Problem to work on
Return only the lines of the data below from the line with "Vraag: Welke rechtbank" up to and including the line with "Antwoord: Rechtbank 's-Gravenhage", exactly as written, with the pictures omitted.

Available data

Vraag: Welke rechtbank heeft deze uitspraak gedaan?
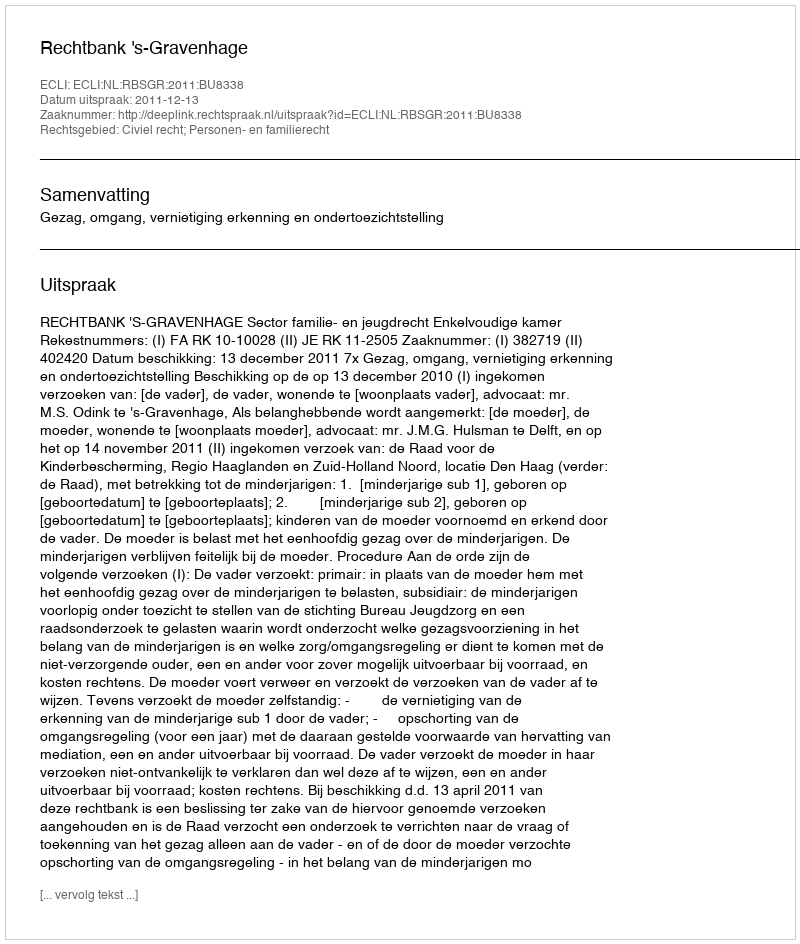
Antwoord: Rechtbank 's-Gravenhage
==
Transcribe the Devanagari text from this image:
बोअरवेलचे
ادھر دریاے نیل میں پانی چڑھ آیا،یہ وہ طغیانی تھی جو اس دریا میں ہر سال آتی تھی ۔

Worked solution
Vraag: Welke rechtbank heeft deze uitspraak gedaan?
Antwoord: Rechtbank 's-Gravenhage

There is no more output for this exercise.